Assigned task: Leaving out the images, reproduce every line of the data that follows exactly.
..............................
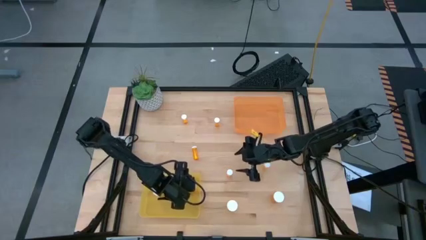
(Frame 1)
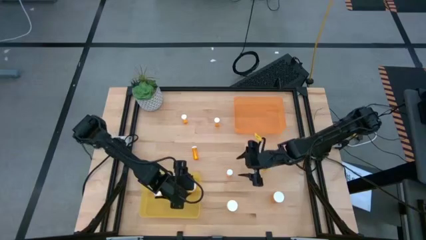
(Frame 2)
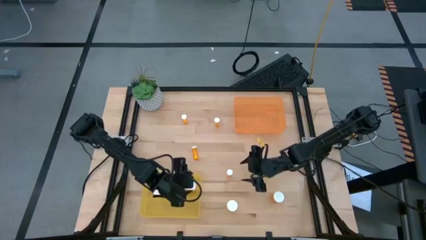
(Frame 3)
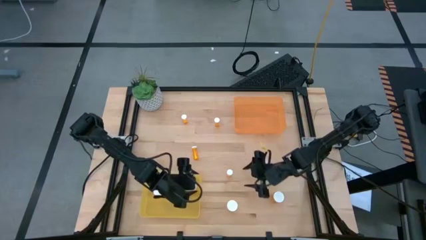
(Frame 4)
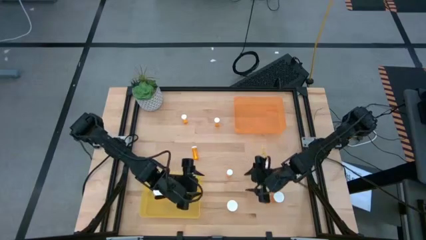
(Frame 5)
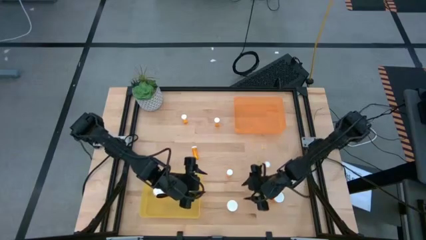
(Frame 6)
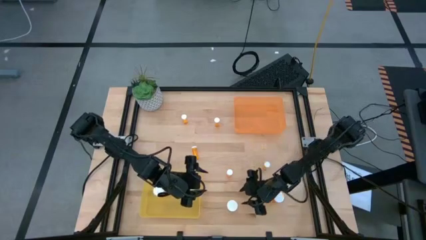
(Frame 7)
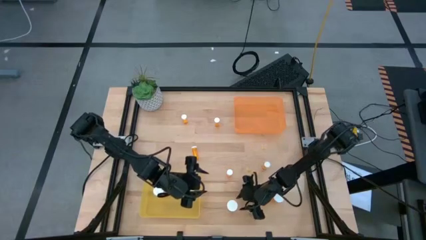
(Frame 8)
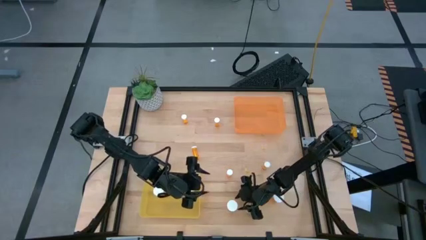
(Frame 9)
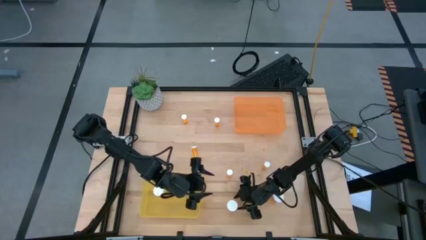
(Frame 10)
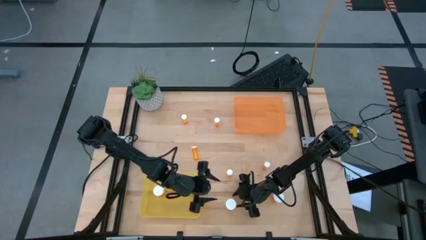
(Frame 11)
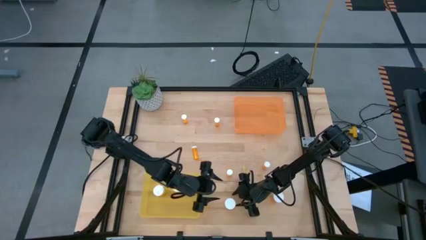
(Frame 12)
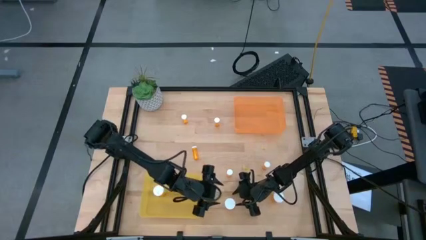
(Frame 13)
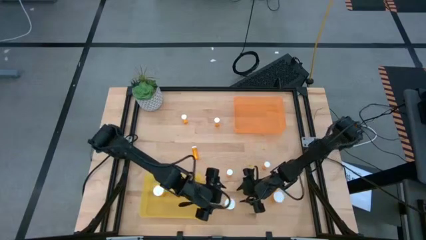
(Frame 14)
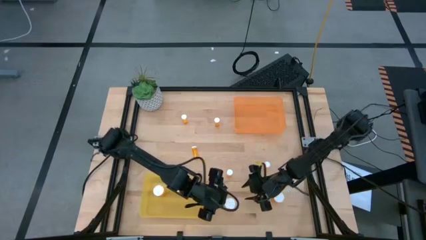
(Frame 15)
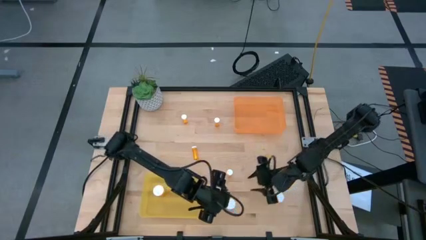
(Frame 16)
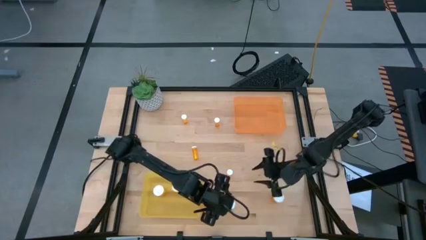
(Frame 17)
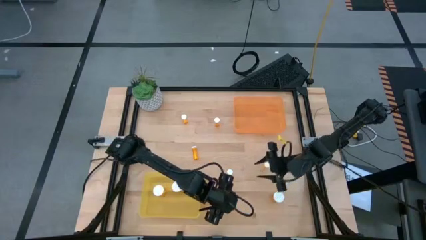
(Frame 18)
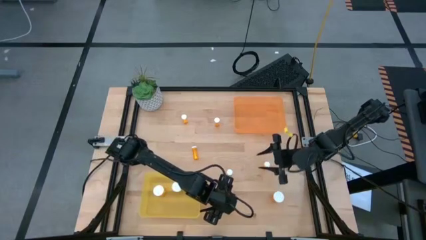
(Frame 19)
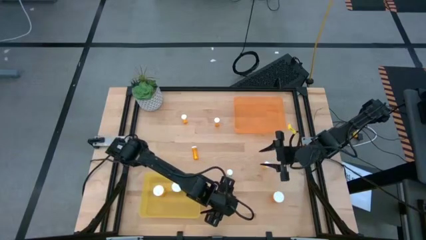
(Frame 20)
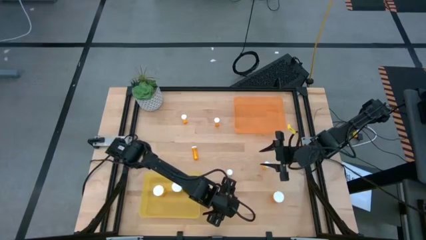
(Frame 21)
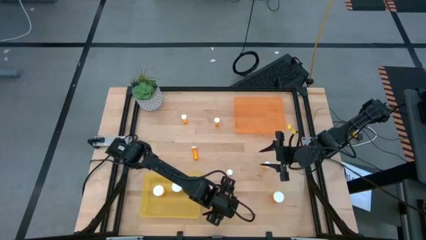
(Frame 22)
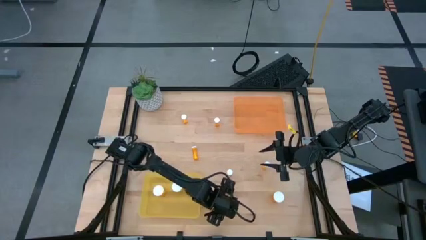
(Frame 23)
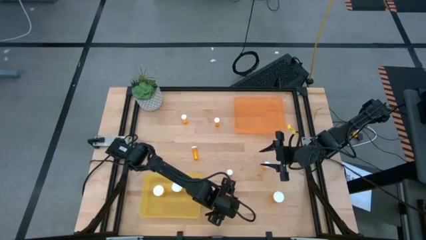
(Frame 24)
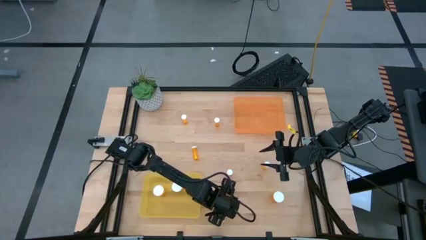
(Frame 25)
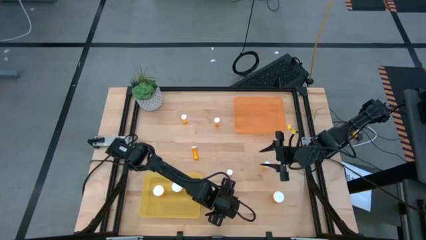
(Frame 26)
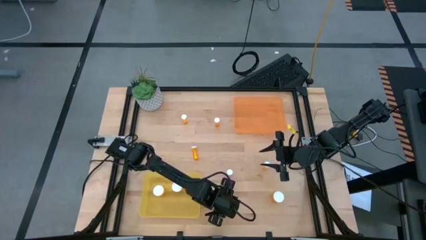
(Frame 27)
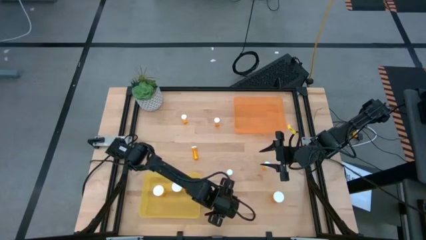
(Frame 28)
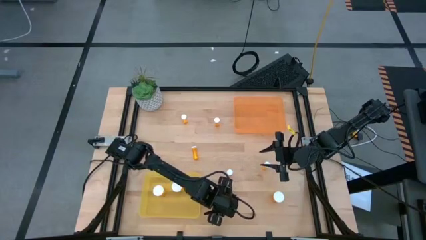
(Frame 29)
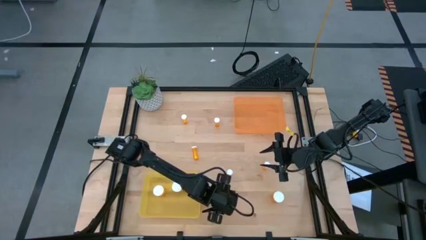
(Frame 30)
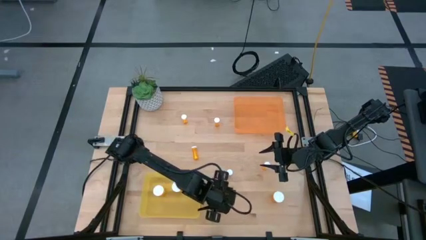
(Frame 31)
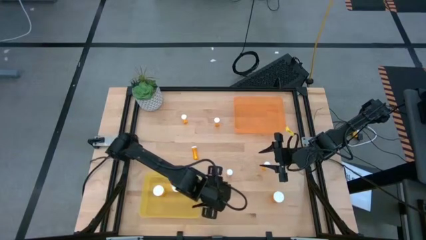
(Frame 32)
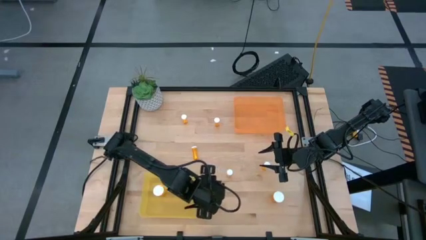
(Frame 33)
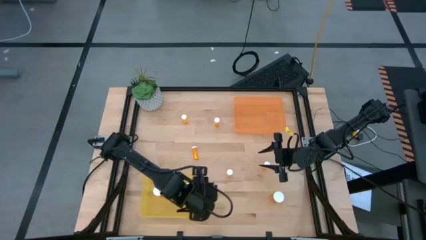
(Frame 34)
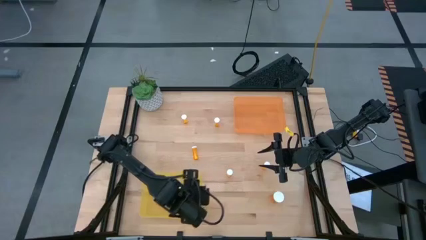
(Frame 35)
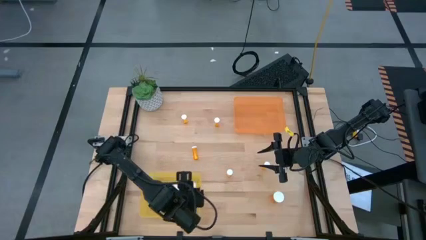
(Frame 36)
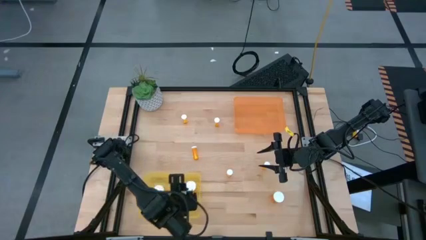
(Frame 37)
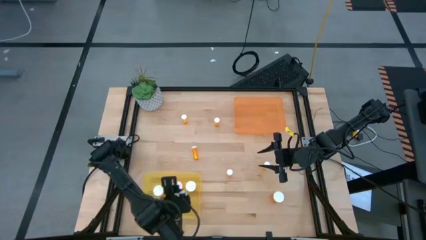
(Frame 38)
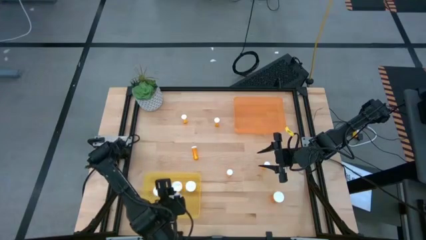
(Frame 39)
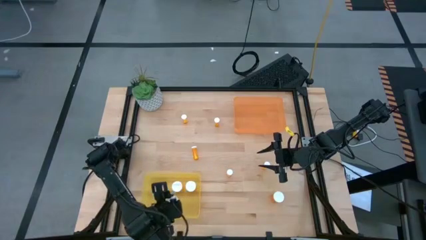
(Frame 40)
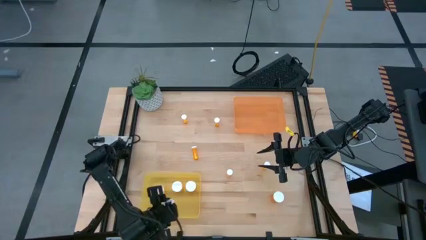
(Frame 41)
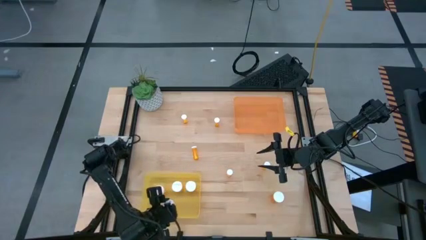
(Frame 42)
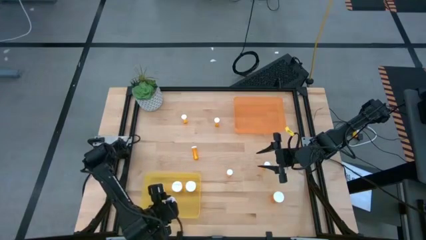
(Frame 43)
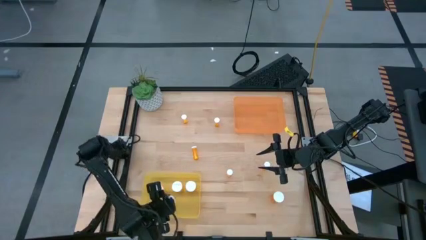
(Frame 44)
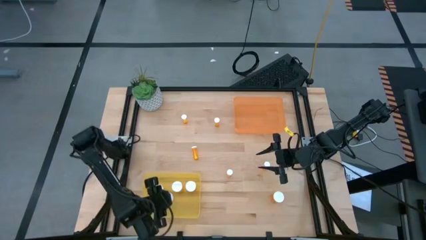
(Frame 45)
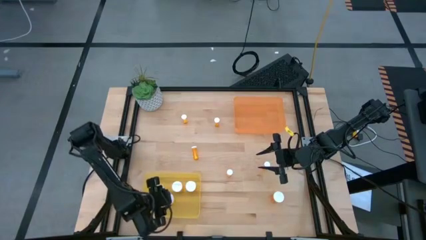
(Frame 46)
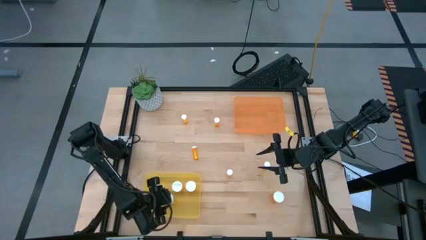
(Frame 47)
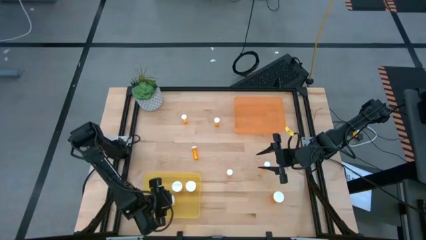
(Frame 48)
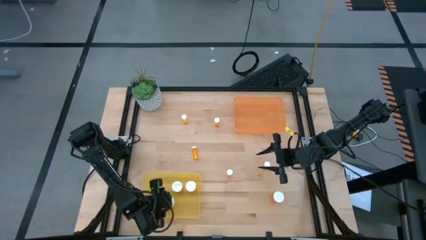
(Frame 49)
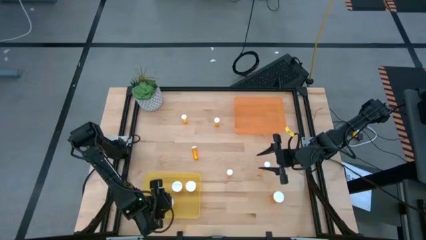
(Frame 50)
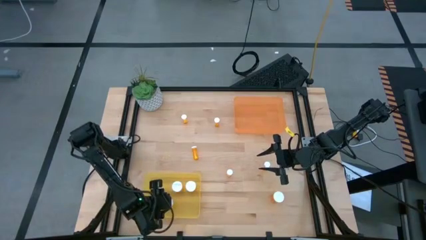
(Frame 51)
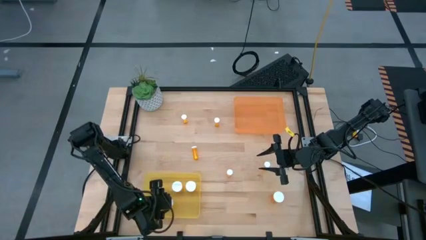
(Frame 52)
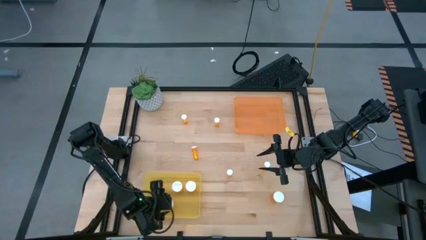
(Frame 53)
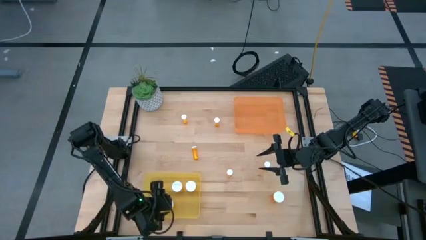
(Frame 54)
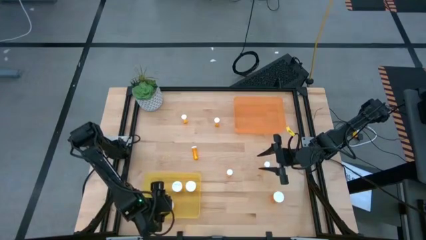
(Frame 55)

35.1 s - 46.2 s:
..............................
Answer space:
(Frame 1)
(Frame 2)
(Frame 3)
(Frame 4)
(Frame 5)
(Frame 6)
(Frame 7)
(Frame 8)
(Frame 9)
(Frame 10)
(Frame 11)
(Frame 12)
(Frame 13)
(Frame 14)
(Frame 15)
(Frame 16)
(Frame 17)
(Frame 18)
(Frame 19)
(Frame 20)
(Frame 21)
(Frame 22)
(Frame 23)
(Frame 24)
(Frame 25)
(Frame 26)
(Frame 27)
(Frame 28)
(Frame 29)
(Frame 30)
(Frame 31)
(Frame 32)
(Frame 33)
(Frame 34)
(Frame 35)
(Frame 36)
(Frame 37)
(Frame 38)
(Frame 39)
(Frame 40)
(Frame 41)
(Frame 42)
(Frame 43)
(Frame 44)
(Frame 45)
(Frame 46)
(Frame 47)
(Frame 48)
(Frame 49)
(Frame 50)
(Frame 51)
(Frame 52)
(Frame 53)
(Frame 54)
(Frame 55)

35.1 s - 46.2 s:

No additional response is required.